Researchers can even create 3-D views of organs or structures, to "fly through" them to explore their morphology, said Johnson.

Finally, the digital nature of the MRM scans also means that researchers can easily download and view comparable slices or 3-D views from a multitude of normal and gene-altered animals. Such comparison enables them to locate the same structural landmarks in different animals.

Johnson and his colleagues will collaborate with the Jackson Laboratory, the largest source of laboratory mice, to create MRM atlases of the major strains if normal mice – both male and female and at a range of ages. These scans will be integrated with the laboratory's database of phenotype information on their mouse strains.

Scans of these normal "visible mice" will be posted on the Web so that researchers can compare their gene-altered strains. Ultimately, Johnson believes, MRM atlases will include a broad range of normal and gene-altered strains, so that researchers can compare the altered mice for common morphological changes.

"For example, if a researcher produces a mouse with altered renal structure, he or she can search the database for other animals with such alterations, and discover whether there are correlations with the animals' genotypes," said Johnson.

Future efforts will also include forging collaborations between MRM researchers and pathologists to interpret the morphological information revealed by MRM, said Johnson.

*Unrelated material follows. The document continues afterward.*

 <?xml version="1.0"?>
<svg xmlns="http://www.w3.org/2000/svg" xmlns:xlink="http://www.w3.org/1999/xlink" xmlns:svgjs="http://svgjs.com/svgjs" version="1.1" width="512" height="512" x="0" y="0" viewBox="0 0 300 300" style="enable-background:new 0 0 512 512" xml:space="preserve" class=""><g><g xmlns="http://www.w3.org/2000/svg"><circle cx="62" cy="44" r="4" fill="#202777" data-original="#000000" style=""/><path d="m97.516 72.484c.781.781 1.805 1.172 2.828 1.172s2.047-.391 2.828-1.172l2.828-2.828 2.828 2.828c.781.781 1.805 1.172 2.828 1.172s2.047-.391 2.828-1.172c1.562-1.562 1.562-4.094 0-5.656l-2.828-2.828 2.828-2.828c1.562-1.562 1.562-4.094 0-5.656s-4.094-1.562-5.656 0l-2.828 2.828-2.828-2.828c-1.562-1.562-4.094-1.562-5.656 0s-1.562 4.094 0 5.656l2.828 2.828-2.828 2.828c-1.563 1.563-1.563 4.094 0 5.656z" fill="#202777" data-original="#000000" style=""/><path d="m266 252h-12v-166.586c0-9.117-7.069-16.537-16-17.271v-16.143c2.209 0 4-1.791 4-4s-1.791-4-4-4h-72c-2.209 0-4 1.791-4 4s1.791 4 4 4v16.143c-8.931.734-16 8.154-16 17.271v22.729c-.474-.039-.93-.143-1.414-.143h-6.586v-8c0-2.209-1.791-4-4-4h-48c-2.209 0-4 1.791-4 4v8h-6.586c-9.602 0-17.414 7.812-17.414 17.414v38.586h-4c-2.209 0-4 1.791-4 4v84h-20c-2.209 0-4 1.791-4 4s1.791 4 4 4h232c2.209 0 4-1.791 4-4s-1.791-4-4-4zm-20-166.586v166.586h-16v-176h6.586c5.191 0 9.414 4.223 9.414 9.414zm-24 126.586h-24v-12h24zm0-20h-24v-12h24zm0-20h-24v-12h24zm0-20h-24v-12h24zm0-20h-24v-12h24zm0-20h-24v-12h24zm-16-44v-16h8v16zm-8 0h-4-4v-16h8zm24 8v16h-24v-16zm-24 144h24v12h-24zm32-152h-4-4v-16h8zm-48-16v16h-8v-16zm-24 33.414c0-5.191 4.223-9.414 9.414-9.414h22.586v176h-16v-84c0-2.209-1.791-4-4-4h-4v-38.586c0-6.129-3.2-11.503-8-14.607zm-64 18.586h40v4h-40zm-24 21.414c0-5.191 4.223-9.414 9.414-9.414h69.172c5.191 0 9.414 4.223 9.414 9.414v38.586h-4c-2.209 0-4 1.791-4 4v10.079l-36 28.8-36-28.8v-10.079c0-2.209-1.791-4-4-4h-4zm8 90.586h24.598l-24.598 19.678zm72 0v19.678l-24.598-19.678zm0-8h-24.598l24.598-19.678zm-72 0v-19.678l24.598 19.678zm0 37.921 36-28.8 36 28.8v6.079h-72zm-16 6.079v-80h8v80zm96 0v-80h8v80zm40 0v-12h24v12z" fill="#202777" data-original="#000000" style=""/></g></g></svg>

"We are now in a very similar situation that we were when the first MRI machines began to roll into clinics," he said. "Just as the radiologists and clinicians had to learn the differences between what MRI scans versus CT X-ray scans revealed, now we'll have to understand what is revealed by MRM versus traditional histologic sections. We expect these collaborations will yield a new generation of magnetic resonance histology pathologists."

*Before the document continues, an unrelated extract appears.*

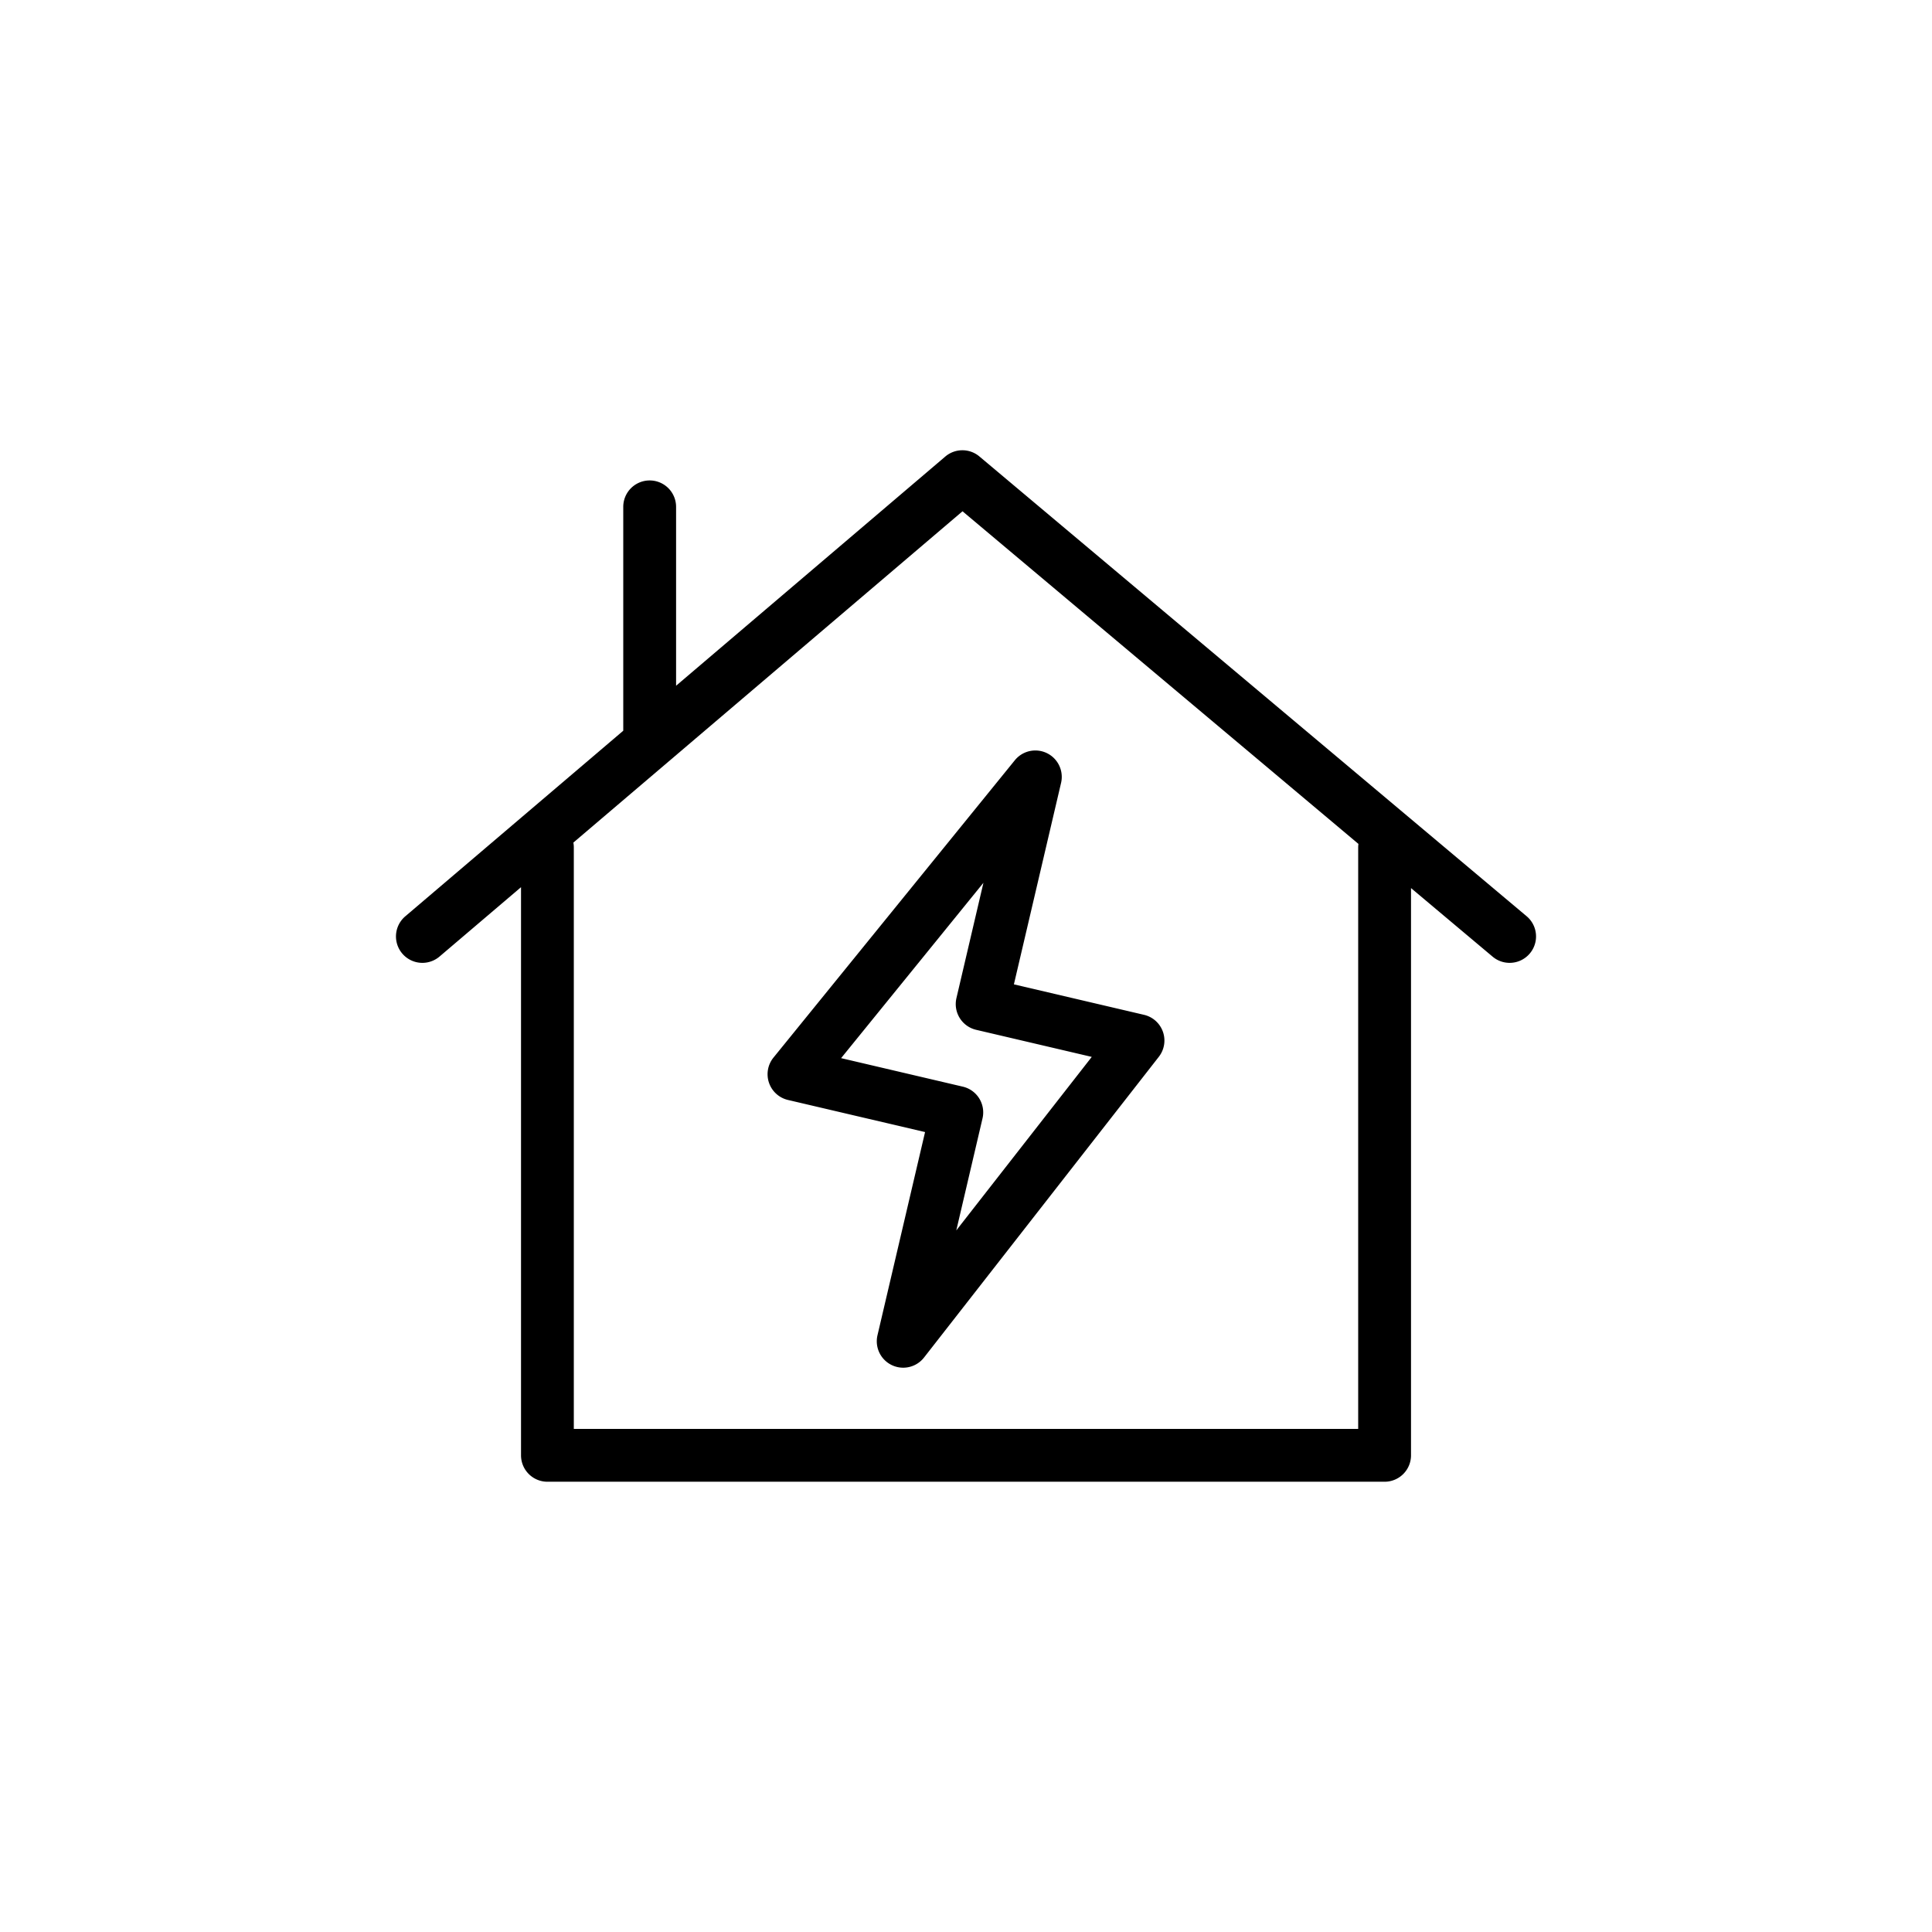<?xml version="1.0" encoding="UTF-8" standalone="no"?><!-- icon666.com - MILLIONS OF FREE VECTOR ICONS --><svg width="1024" height="1024" id="Layer_1" viewBox="0 0 512 512" xmlns="http://www.w3.org/2000/svg" data-name="Layer 1"><path d="m404.569 242.808-145.02-121.844a7 7 0 0 0 -9.041.029l-71.338 60.736v-47.406a7 7 0 0 0 -14 0v59.326l-57.77 49.188a7 7 0 0 0 9.076 10.66l21.6-18.385v150.564a7 7 0 0 0 7 7h221.857a7 7 0 0 0 7-7v-150.323l21.63 18.174a7 7 0 0 0 9.006-10.719zm-44.636-18.257v154.125h-207.866v-154.125a7.029 7.029 0 0 0 -.119-1.257l103.129-87.8 104.923 88.151a7.129 7.129 0 0 0 -.067.906z"/><path d="m203.794 286.95a7 7 0 0 0 5.028 4.551l36.33 8.507-12.611 53.855a7 7 0 0 0 12.333 5.9l62.227-79.7a7 7 0 0 0 -3.922-11.123l-34.485-8.075 12.5-53.386a7 7 0 0 0 -12.25-6.007l-63.961 78.794a7 7 0 0 0 -1.189 6.684zm56.826-53-7.153 30.55a7 7 0 0 0 5.22 8.411l30.642 7.176-35.9 45.978 6.948-29.678a7 7 0 0 0 -5.219-8.411l-32.258-7.558z"/></svg>

The new MRM scanning capability has built on technological advances in MRM made over the last 15 years, and supported by the NIH National Center for Research Resources, said Johnson. These advances include more powerful magnets, larger imaging arrays, highly sensitive radio frequency receivers, advanced computer image processing techniques and improved perfusion methods and stains. Practical sharing of the massive amounts of data generated by MRM scans will also depend on the high speed Internet 2, he said.